## GOAL OF THE EXERCISE
The expected output is every record below, transcribed exactly, with the pictures left out.

(Records contained in a dataset)
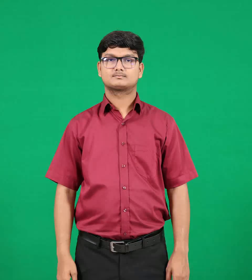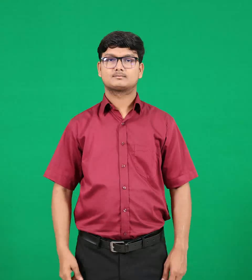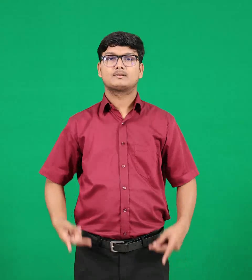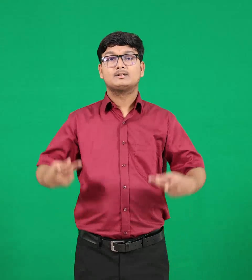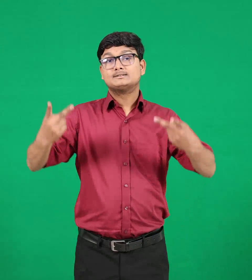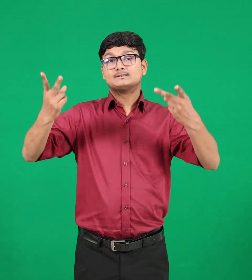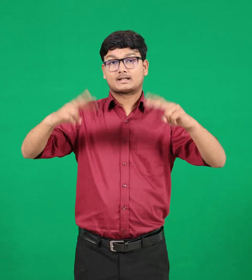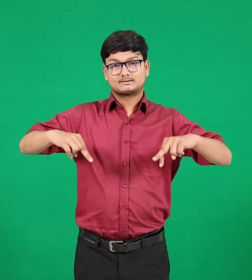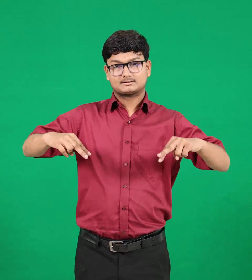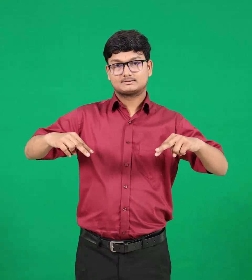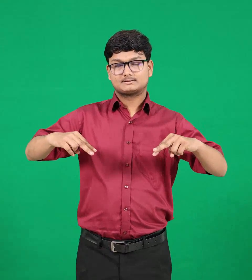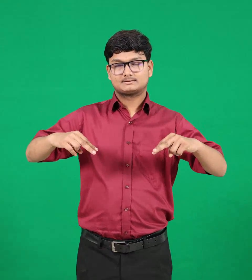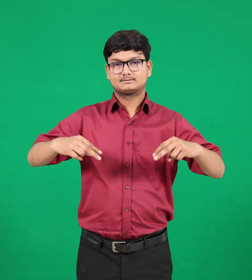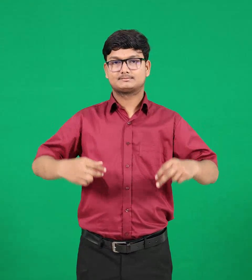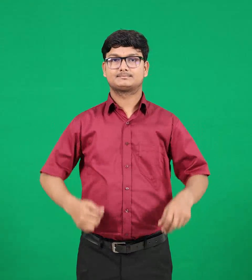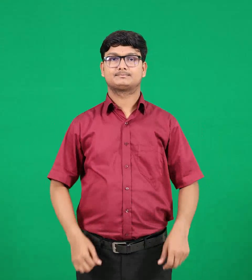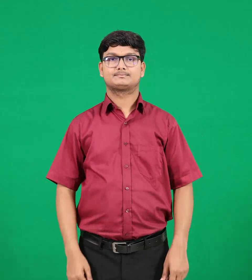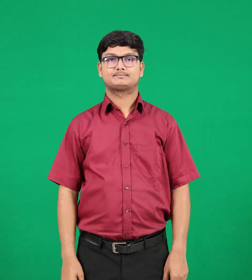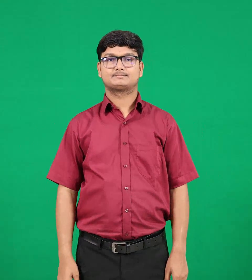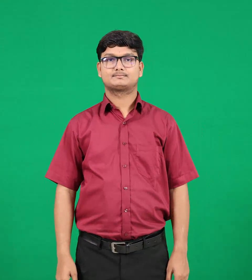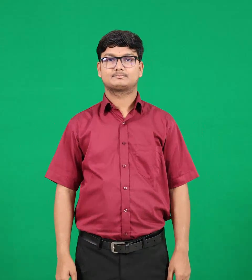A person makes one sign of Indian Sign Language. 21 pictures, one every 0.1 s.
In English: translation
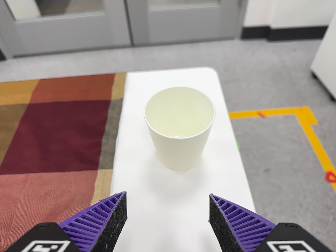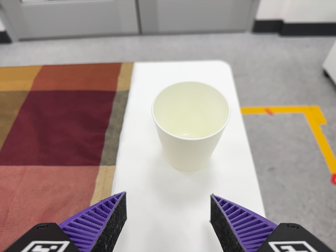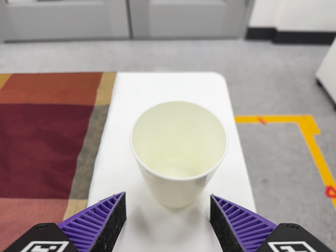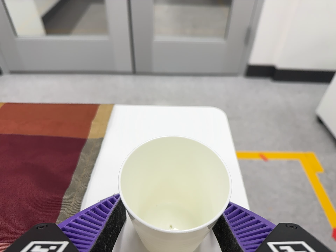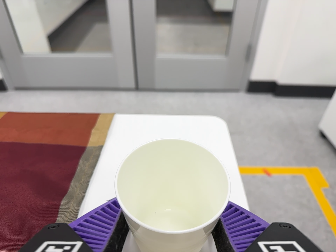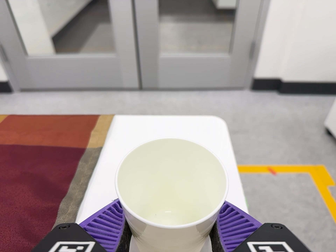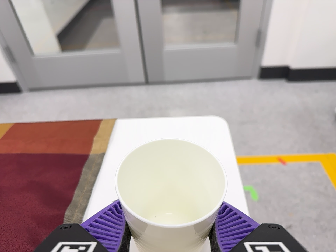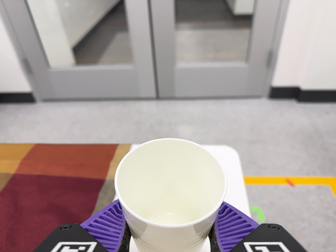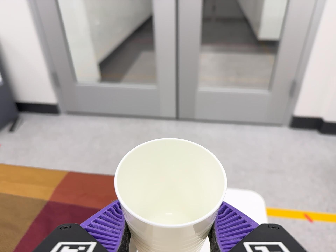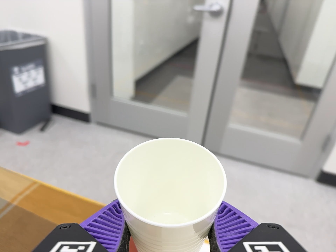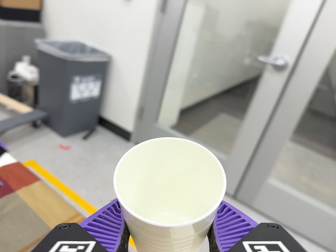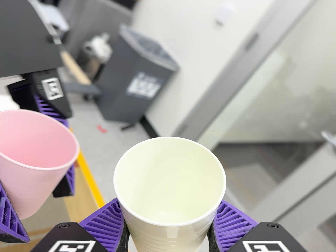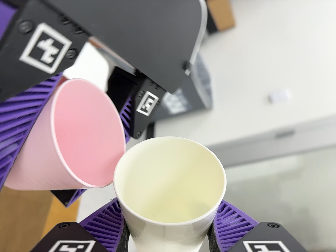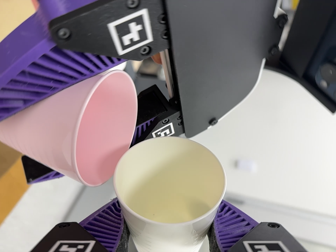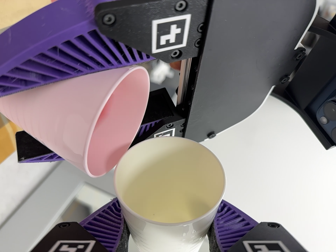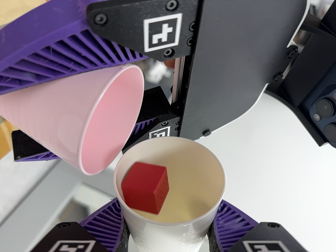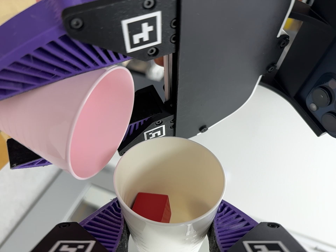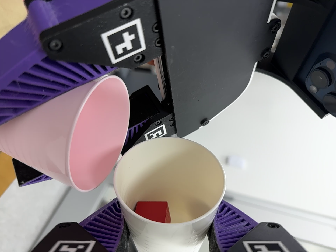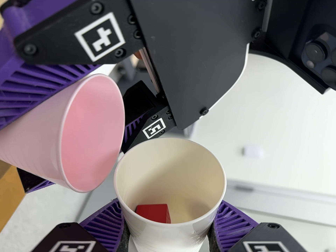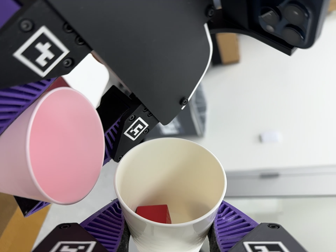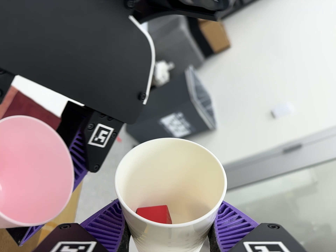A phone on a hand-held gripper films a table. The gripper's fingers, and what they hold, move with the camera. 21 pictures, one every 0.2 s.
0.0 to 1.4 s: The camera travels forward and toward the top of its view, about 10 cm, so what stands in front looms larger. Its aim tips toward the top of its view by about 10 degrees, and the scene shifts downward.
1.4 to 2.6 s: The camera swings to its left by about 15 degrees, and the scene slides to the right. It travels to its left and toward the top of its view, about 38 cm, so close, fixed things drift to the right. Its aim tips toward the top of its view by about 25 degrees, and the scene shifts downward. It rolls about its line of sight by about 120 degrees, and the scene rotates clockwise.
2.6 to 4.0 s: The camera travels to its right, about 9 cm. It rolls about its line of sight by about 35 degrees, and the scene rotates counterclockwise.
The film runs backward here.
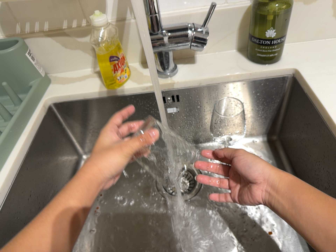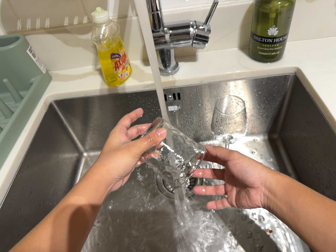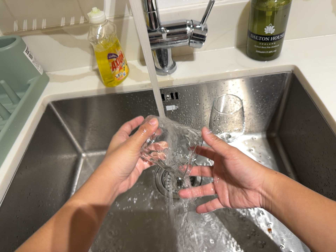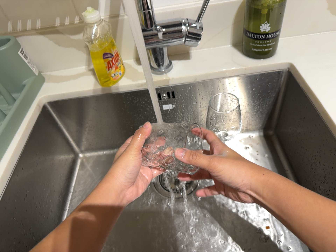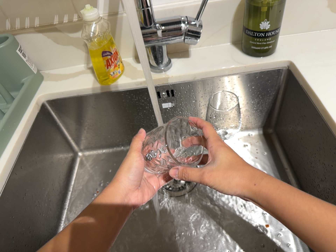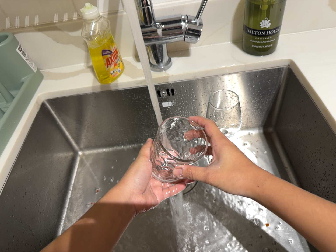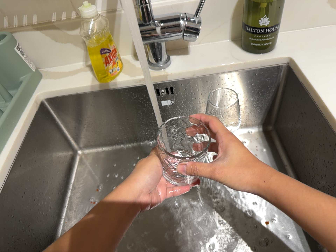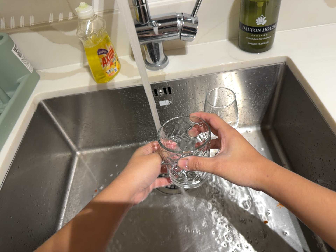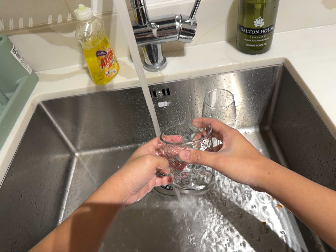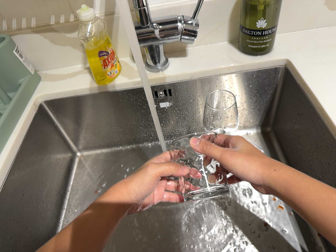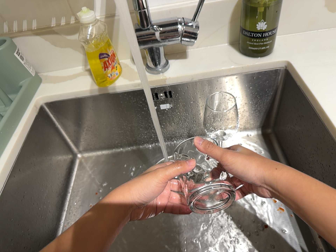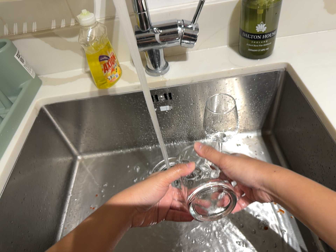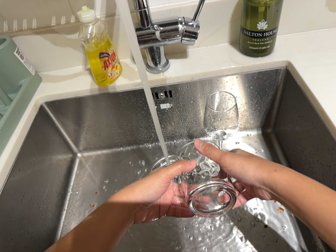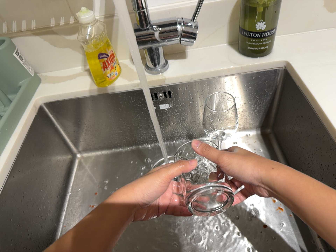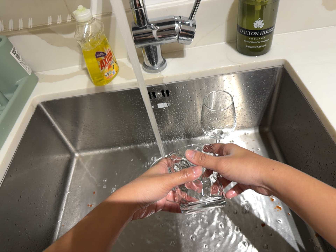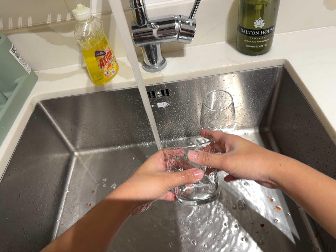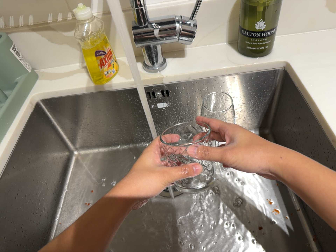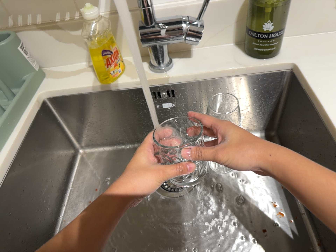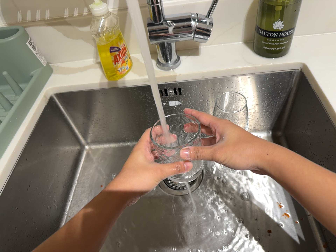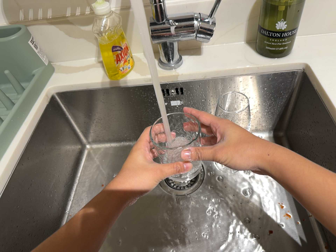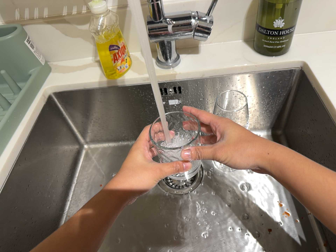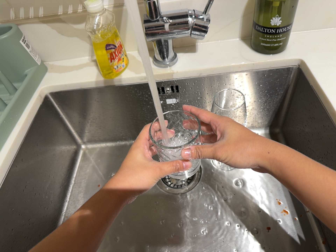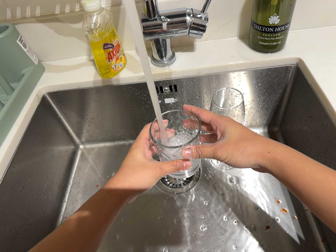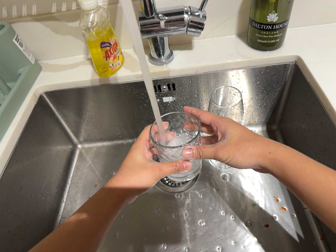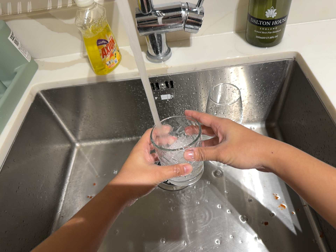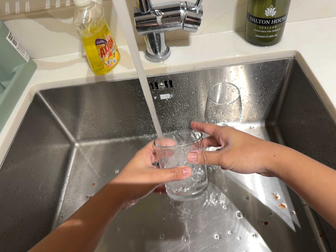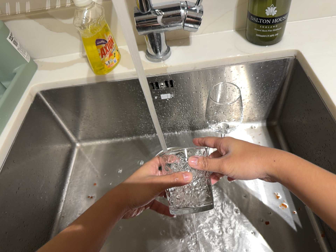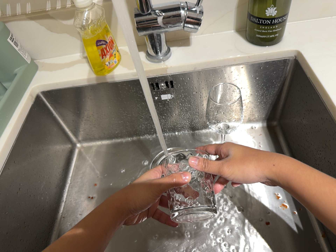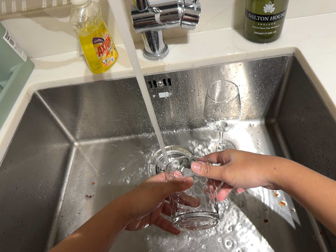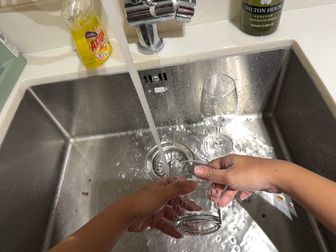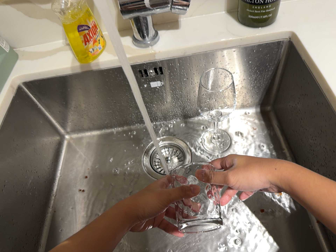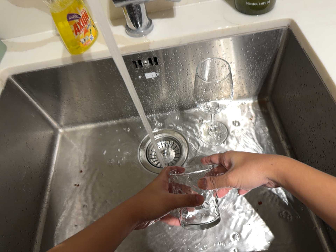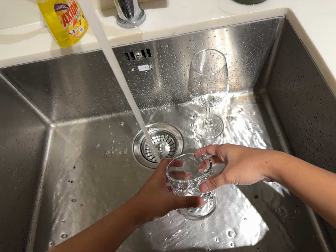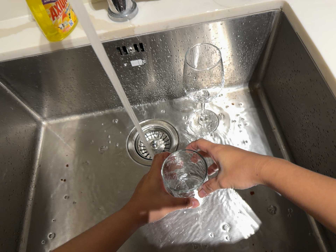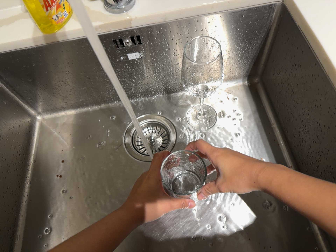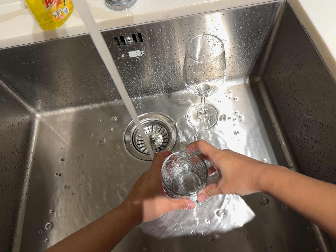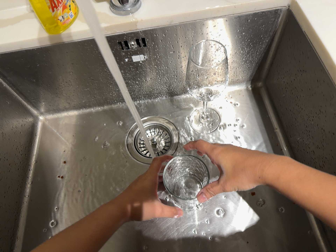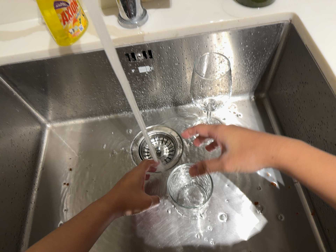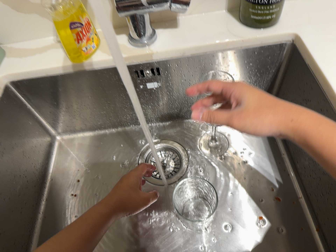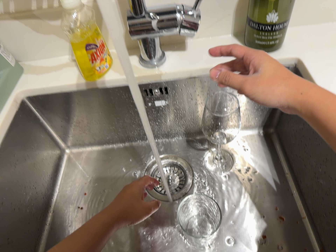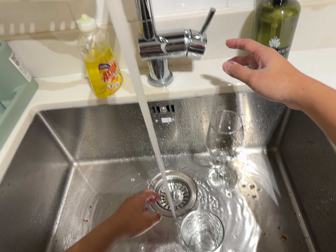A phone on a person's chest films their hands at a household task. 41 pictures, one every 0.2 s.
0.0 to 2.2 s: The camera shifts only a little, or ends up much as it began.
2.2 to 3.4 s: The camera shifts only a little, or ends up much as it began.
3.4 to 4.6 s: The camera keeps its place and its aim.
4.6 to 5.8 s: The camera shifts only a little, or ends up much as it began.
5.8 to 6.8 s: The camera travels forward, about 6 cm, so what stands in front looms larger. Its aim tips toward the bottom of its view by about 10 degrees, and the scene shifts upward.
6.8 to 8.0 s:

## EXERCISE RESULT
A person makes one sign of Indian Sign Language. 21 pictures, one every 0.1 s.
In English: translation
A phone on a hand-held gripper films a table. The gripper's fingers, and what they hold, move with the camera. 21 pictures, one every 0.2 s.
0.0 to 1.4 s: The camera travels forward and toward the top of its view, about 10 cm, so what stands in front looms larger. Its aim tips toward the top of its view by about 10 degrees, and the scene shifts downward.
1.4 to 2.6 s: The camera swings to its left by about 15 degrees, and the scene slides to the right. It travels to its left and toward the top of its view, about 38 cm, so close, fixed things drift to the right. Its aim tips toward the top of its view by about 25 degrees, and the scene shifts downward. It rolls about its line of sight by about 120 degrees, and the scene rotates clockwise.
2.6 to 4.0 s: The camera travels to its right, about 9 cm. It rolls about its line of sight by about 35 degrees, and the scene rotates counterclockwise.
The film runs backward here.
A phone on a person's chest films their hands at a household task. 41 pictures, one every 0.2 s.
0.0 to 2.2 s: The camera shifts only a little, or ends up much as it began.
2.2 to 3.4 s: The camera shifts only a little, or ends up much as it began.
3.4 to 4.6 s: The camera keeps its place and its aim.
4.6 to 5.8 s: The camera shifts only a little, or ends up much as it began.
5.8 to 6.8 s: The camera travels forward, about 6 cm, so what stands in front looms larger. Its aim tips toward the bottom of its view by about 10 degrees, and the scene shifts upward.
6.8 to 8.0 s:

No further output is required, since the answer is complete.